REQUIREMENT => Write every record below out exactly; no images.

INFORMATION SHOWN =>
***
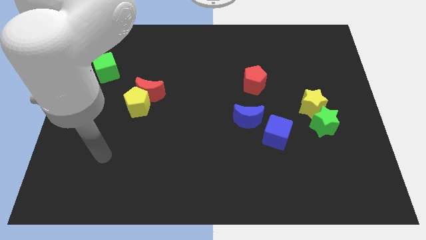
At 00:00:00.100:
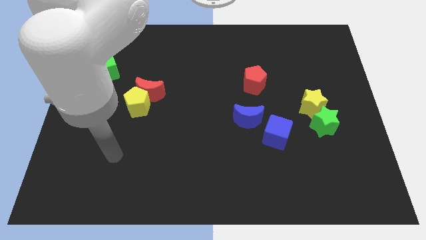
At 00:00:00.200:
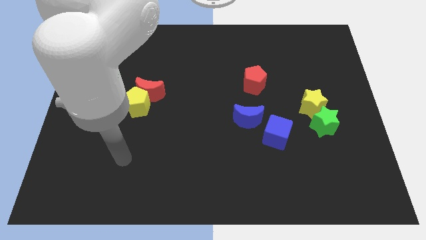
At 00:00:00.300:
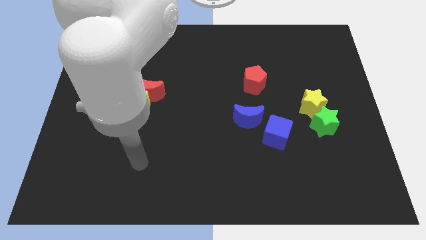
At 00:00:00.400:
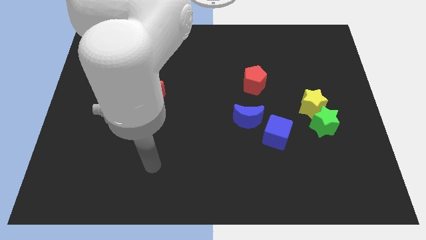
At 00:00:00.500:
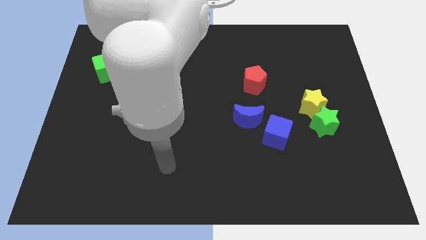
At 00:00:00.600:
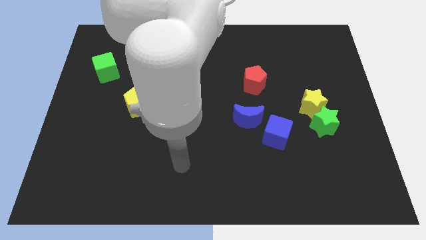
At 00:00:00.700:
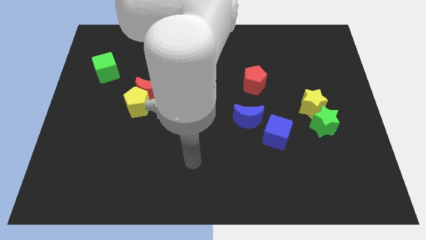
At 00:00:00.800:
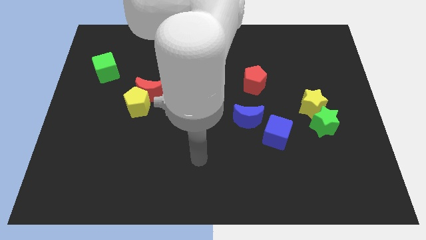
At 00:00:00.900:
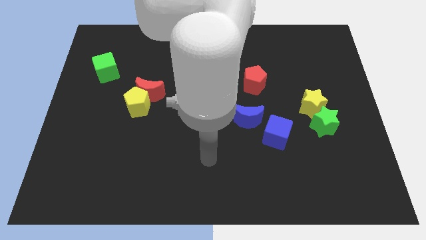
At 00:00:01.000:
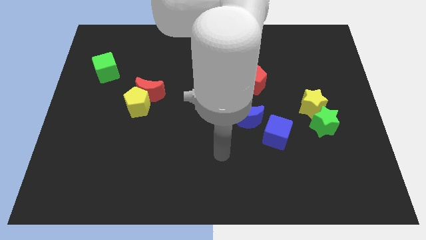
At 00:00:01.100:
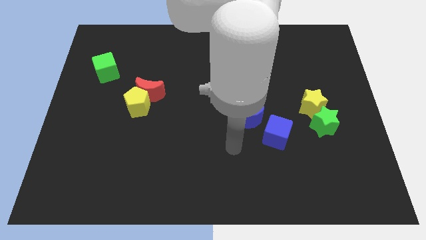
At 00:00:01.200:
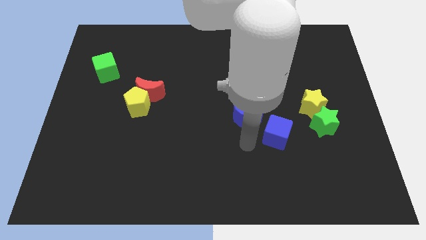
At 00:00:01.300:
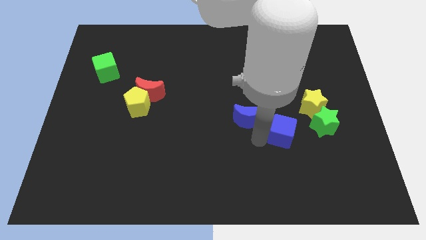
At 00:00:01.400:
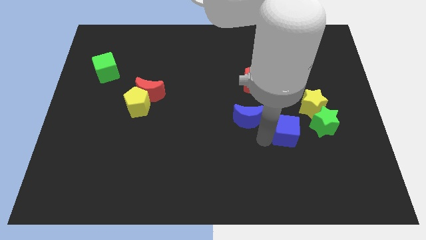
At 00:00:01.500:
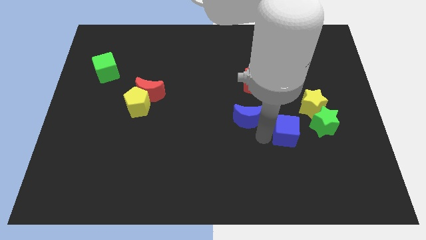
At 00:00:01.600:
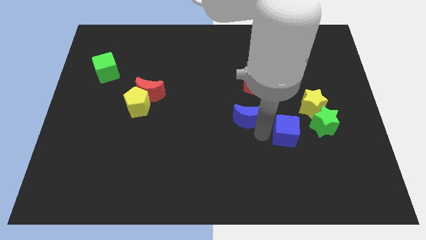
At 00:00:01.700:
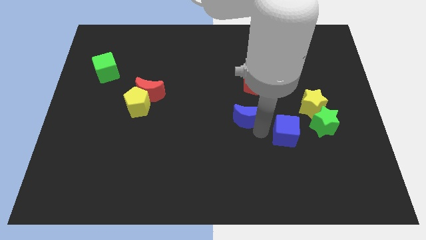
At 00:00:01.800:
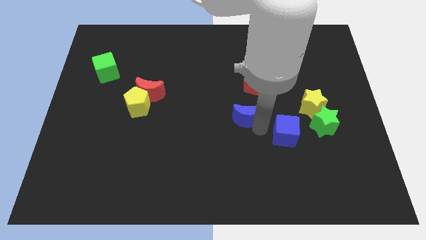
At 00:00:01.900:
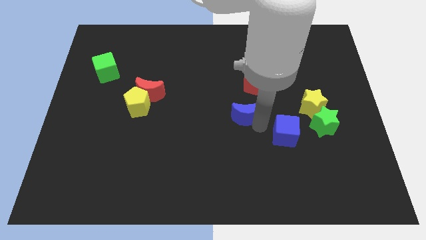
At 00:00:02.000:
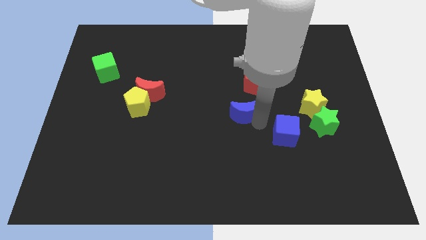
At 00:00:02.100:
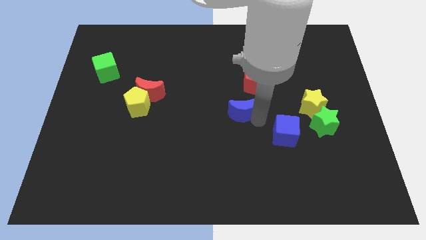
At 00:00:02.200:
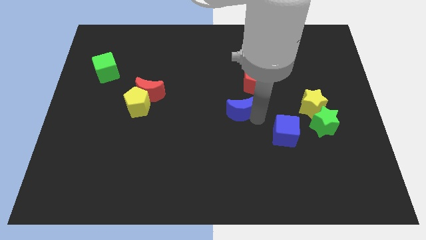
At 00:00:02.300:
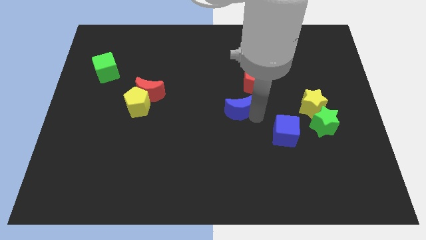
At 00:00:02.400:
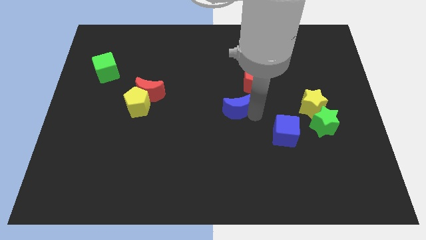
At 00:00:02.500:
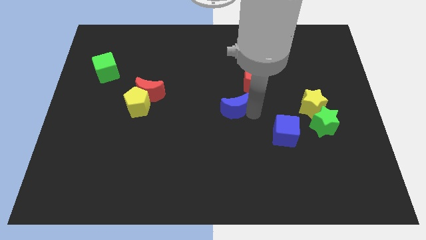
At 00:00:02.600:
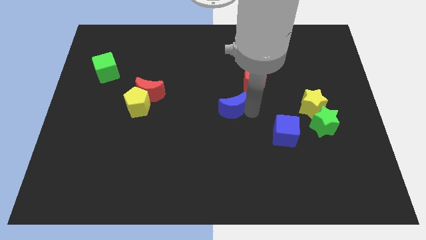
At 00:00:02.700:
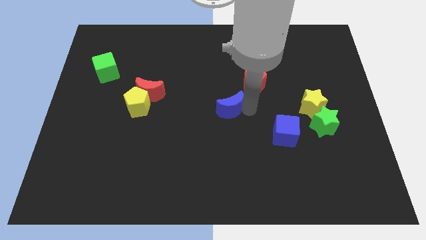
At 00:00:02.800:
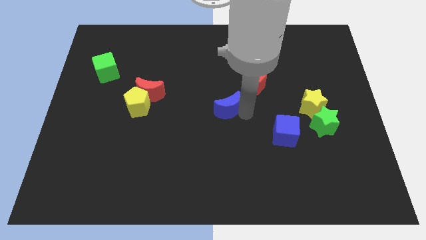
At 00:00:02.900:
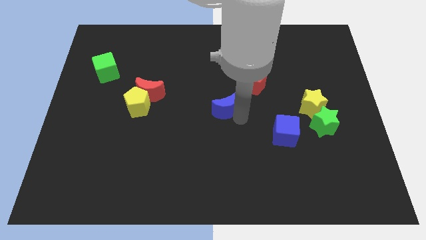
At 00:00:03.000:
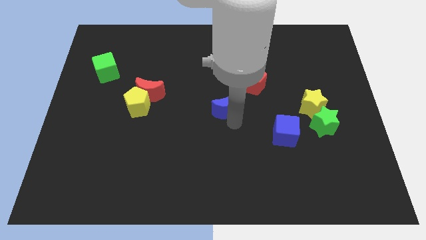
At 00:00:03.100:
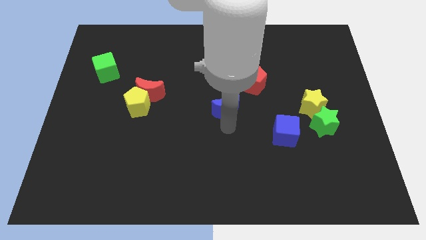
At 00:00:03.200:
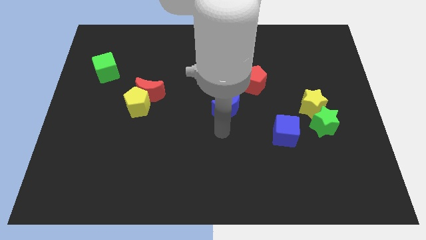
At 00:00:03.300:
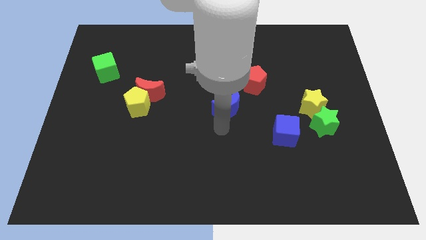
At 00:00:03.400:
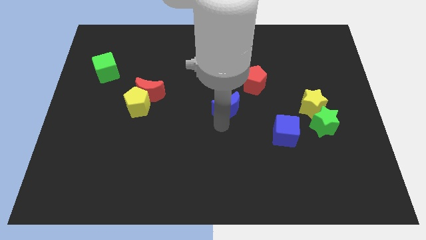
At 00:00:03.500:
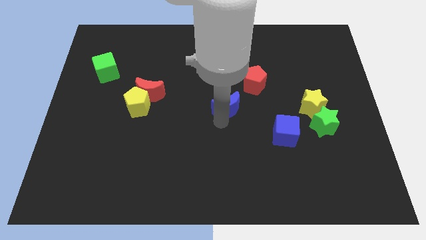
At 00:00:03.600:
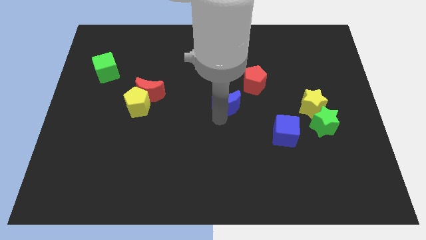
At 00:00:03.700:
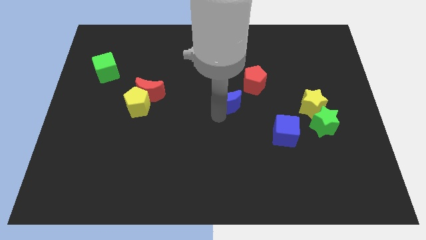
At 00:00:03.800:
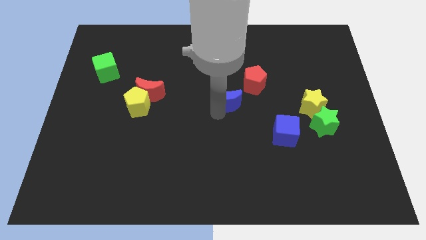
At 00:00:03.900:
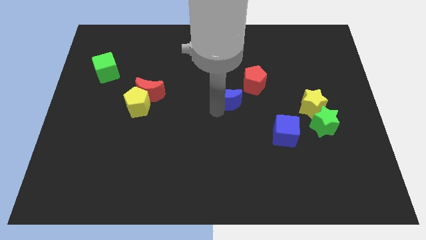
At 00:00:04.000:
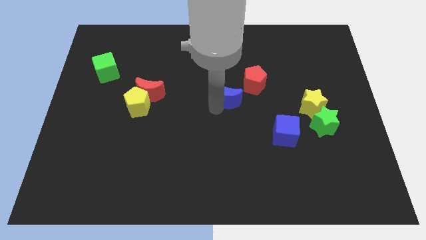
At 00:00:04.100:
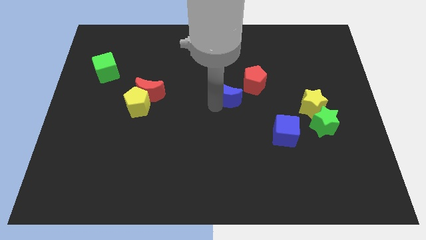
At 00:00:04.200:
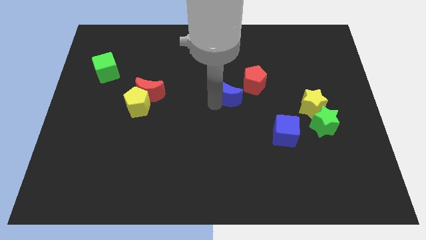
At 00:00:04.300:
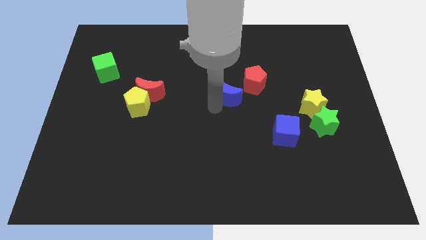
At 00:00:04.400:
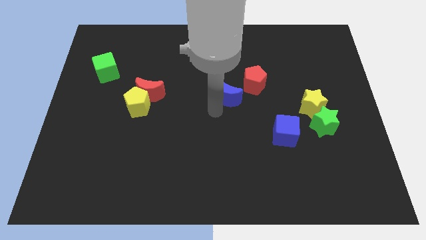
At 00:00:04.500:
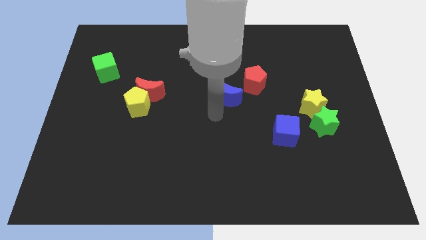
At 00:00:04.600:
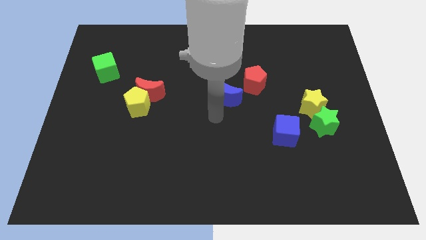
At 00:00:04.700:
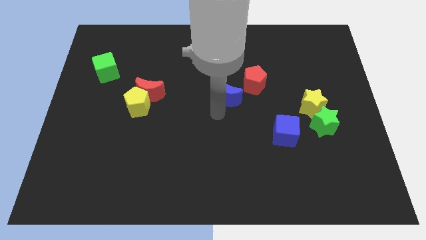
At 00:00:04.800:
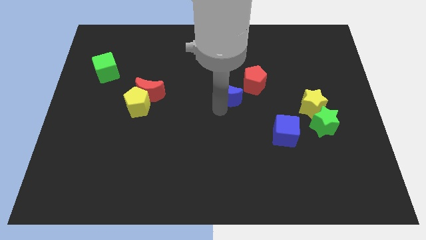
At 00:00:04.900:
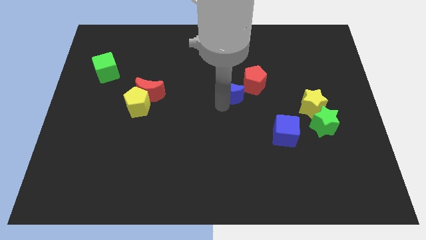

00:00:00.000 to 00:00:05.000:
***
WRITTEN RESPONSE =>
At 00:00:00.100:
At 00:00:00.200:
At 00:00:00.300:
At 00:00:00.400:
At 00:00:00.500:
At 00:00:00.600:
At 00:00:00.700:
At 00:00:00.800:
At 00:00:00.900:
At 00:00:01.000:
At 00:00:01.100:
At 00:00:01.200:
At 00:00:01.300:
At 00:00:01.400:
At 00:00:01.500:
At 00:00:01.600:
At 00:00:01.700:
At 00:00:01.800:
At 00:00:01.900:
At 00:00:02.000:
At 00:00:02.100:
At 00:00:02.200:
At 00:00:02.300:
At 00:00:02.400:
At 00:00:02.500:
At 00:00:02.600:
At 00:00:02.700:
At 00:00:02.800:
At 00:00:02.900:
At 00:00:03.000:
At 00:00:03.100:
At 00:00:03.200:
At 00:00:03.300:
At 00:00:03.400:
At 00:00:03.500:
At 00:00:03.600:
At 00:00:03.700:
At 00:00:03.800:
At 00:00:03.900:
At 00:00:04.000:
At 00:00:04.100:
At 00:00:04.200:
At 00:00:04.300:
At 00:00:04.400:
At 00:00:04.500:
At 00:00:04.600:
At 00:00:04.700:
At 00:00:04.800:
At 00:00:04.900:

00:00:00.000 to 00:00:05.000:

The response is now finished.